## Your instructions
Strip out the pictures and transcribe the records that follow exactly.

## Material supplied
-------------------------

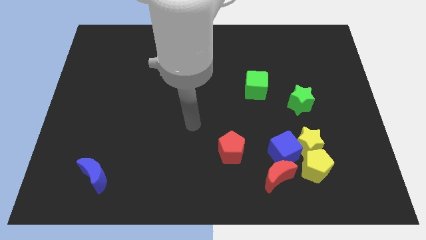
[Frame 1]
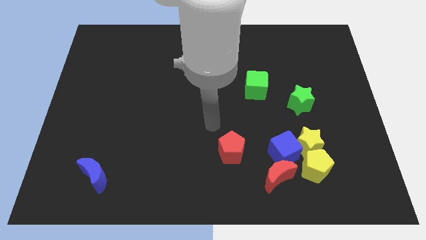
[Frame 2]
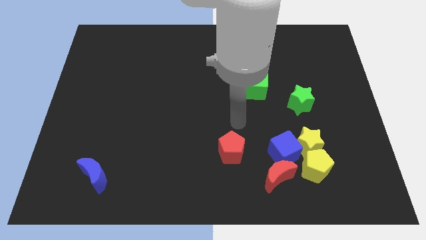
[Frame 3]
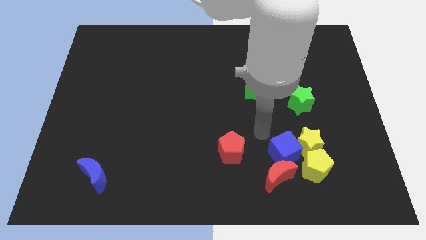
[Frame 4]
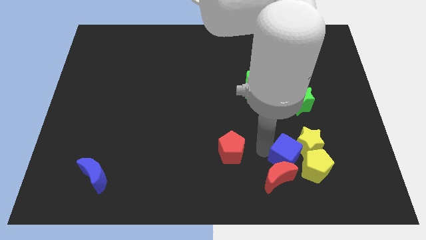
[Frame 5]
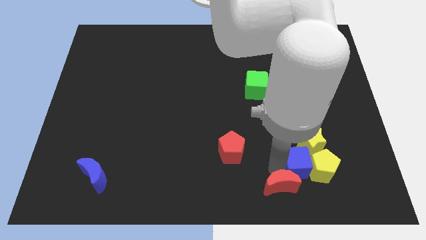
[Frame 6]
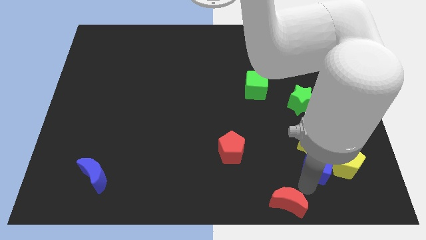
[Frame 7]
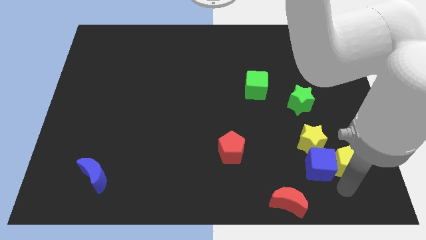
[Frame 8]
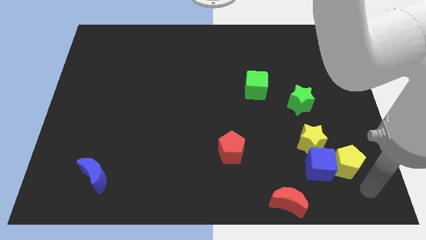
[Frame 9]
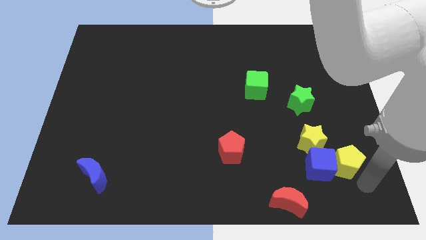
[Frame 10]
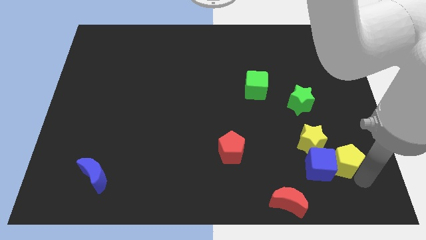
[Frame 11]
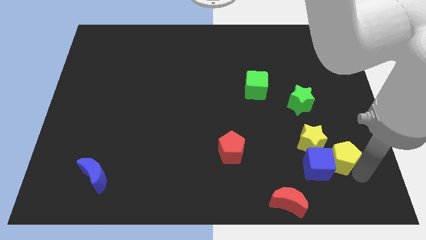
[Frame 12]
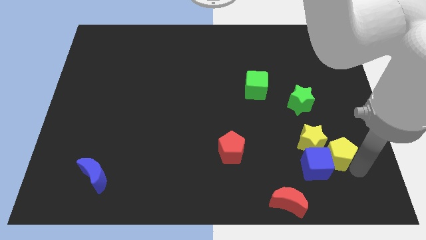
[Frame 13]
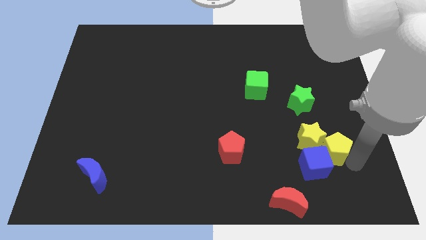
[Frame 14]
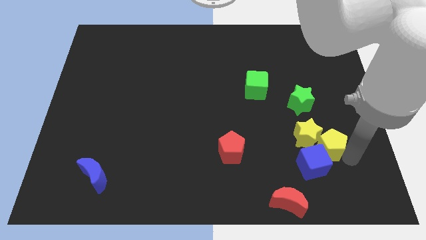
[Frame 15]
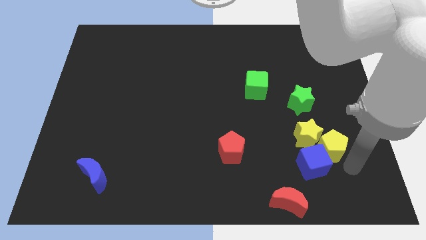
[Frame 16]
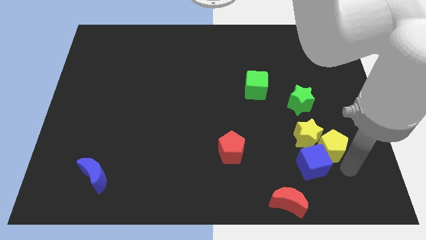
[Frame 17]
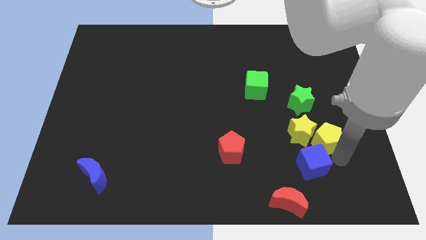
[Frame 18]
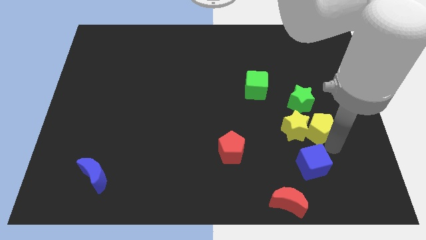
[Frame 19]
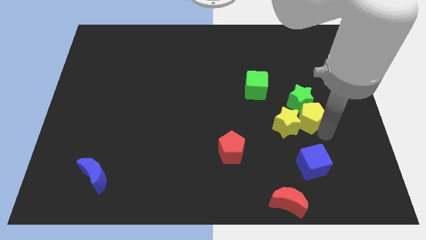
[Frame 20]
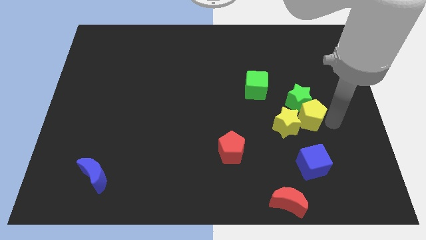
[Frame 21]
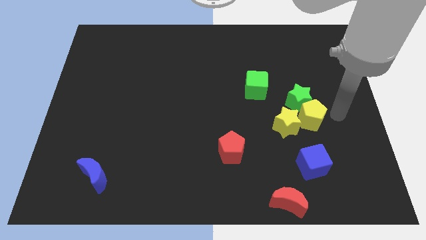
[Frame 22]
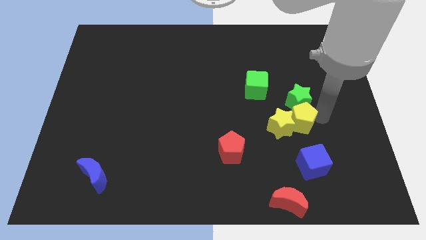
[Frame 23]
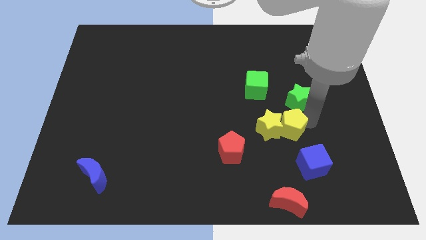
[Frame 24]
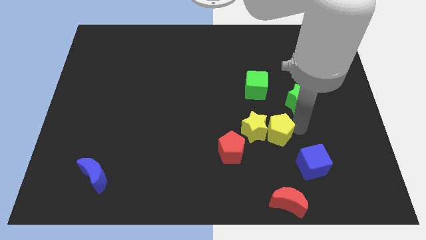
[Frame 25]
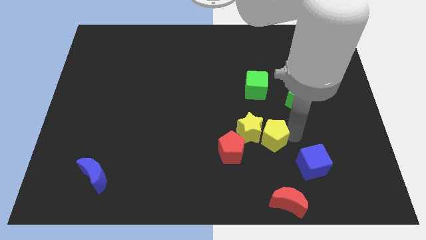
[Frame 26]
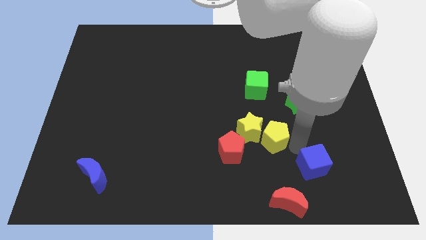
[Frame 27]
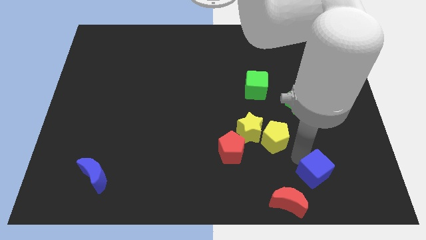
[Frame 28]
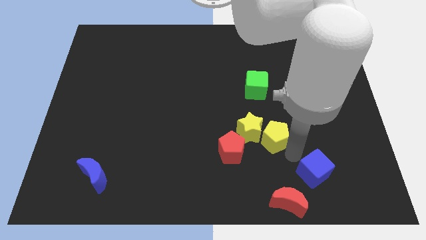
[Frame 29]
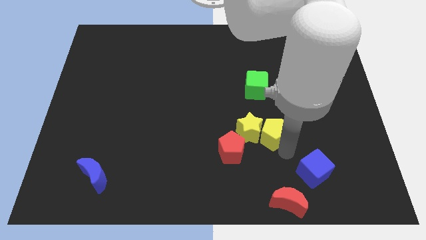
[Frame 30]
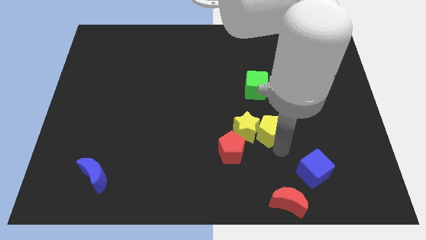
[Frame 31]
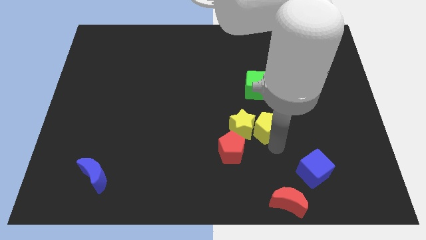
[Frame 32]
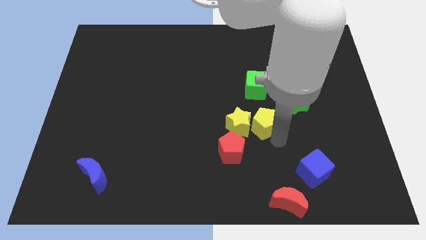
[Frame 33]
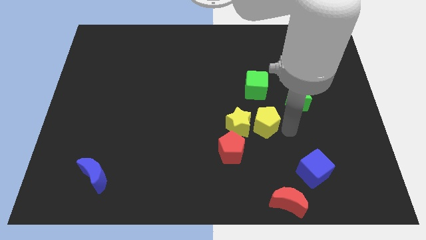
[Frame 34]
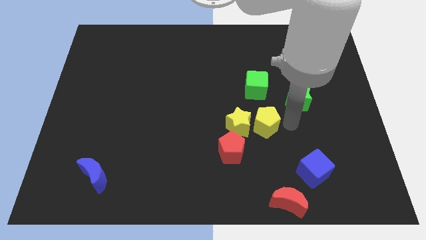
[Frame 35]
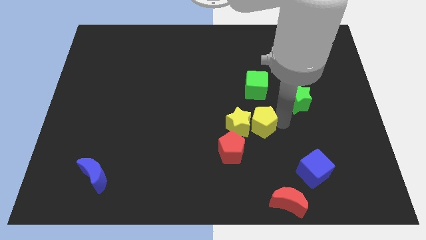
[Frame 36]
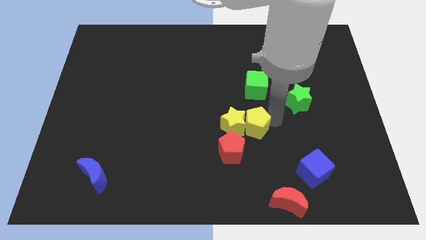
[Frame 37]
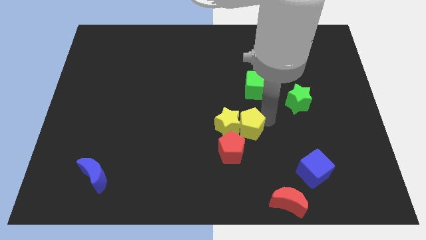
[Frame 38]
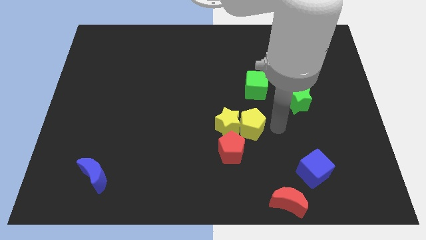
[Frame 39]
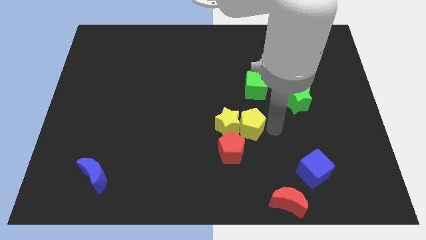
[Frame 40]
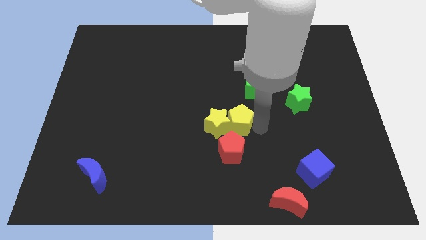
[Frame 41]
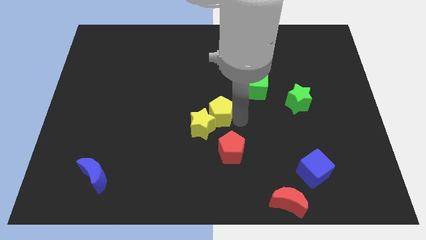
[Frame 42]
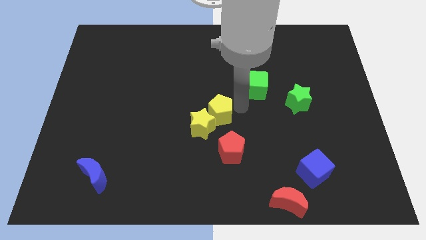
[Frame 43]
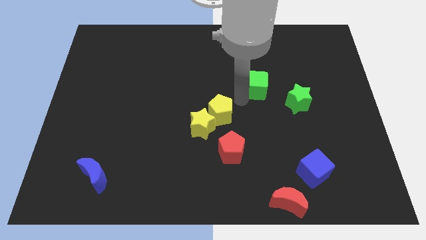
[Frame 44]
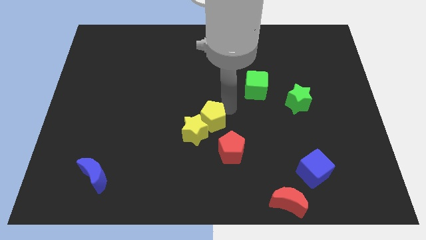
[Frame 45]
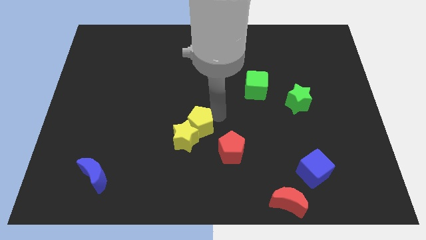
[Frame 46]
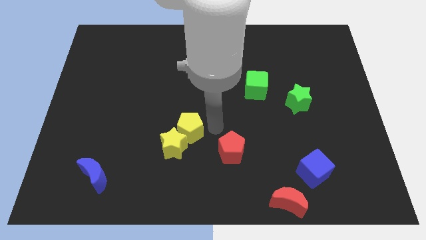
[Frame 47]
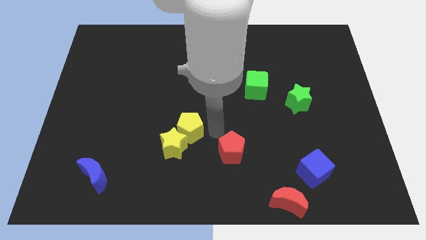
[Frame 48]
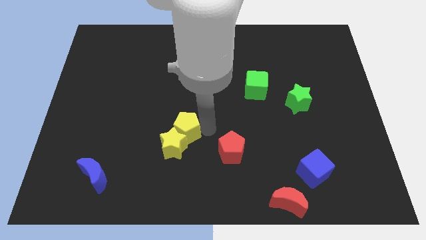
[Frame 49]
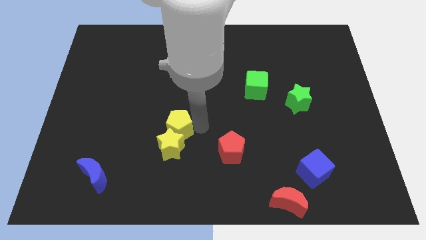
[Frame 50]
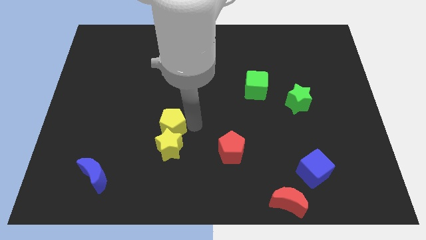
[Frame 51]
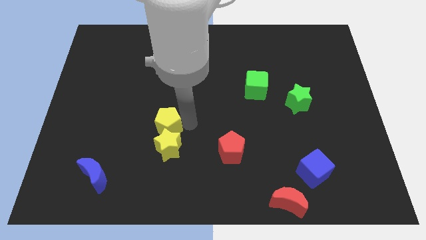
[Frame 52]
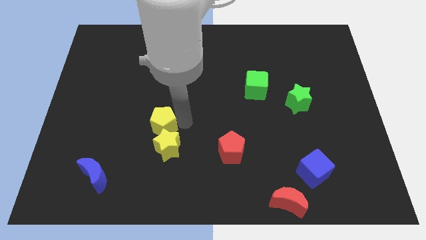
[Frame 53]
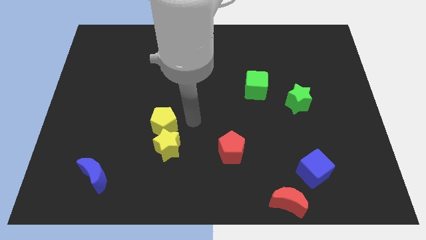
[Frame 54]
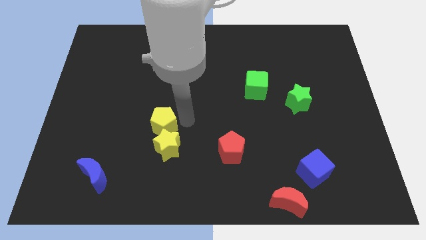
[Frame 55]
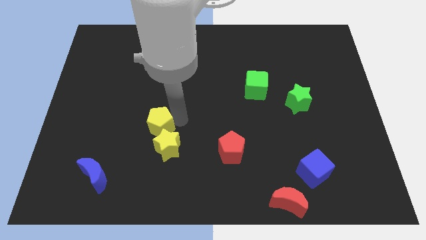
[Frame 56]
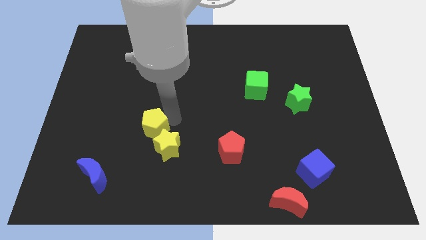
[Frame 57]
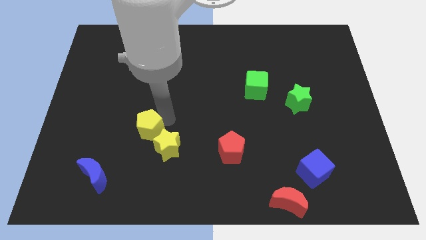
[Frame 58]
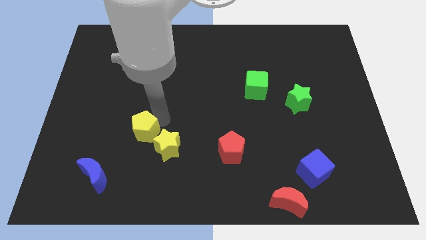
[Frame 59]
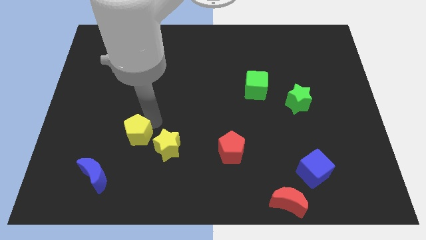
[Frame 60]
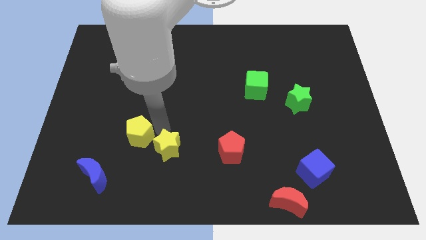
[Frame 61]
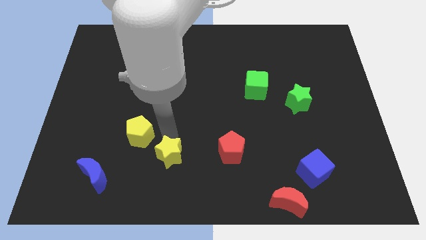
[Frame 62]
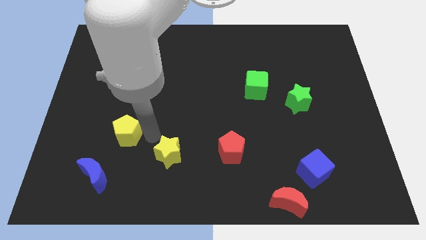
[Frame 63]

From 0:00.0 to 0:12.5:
slide the yellow pentagon to the top of the blue moon

-------------------------

## Exercise result
[Frame 1]
[Frame 2]
[Frame 3]
[Frame 4]
[Frame 5]
[Frame 6]
[Frame 7]
[Frame 8]
[Frame 9]
[Frame 10]
[Frame 11]
[Frame 12]
[Frame 13]
[Frame 14]
[Frame 15]
[Frame 16]
[Frame 17]
[Frame 18]
[Frame 19]
[Frame 20]
[Frame 21]
[Frame 22]
[Frame 23]
[Frame 24]
[Frame 25]
[Frame 26]
[Frame 27]
[Frame 28]
[Frame 29]
[Frame 30]
[Frame 31]
[Frame 32]
[Frame 33]
[Frame 34]
[Frame 35]
[Frame 36]
[Frame 37]
[Frame 38]
[Frame 39]
[Frame 40]
[Frame 41]
[Frame 42]
[Frame 43]
[Frame 44]
[Frame 45]
[Frame 46]
[Frame 47]
[Frame 48]
[Frame 49]
[Frame 50]
[Frame 51]
[Frame 52]
[Frame 53]
[Frame 54]
[Frame 55]
[Frame 56]
[Frame 57]
[Frame 58]
[Frame 59]
[Frame 60]
[Frame 61]
[Frame 62]
[Frame 63]

From 0:00.0 to 0:12.5:
slide the yellow pentagon to the top of the blue moon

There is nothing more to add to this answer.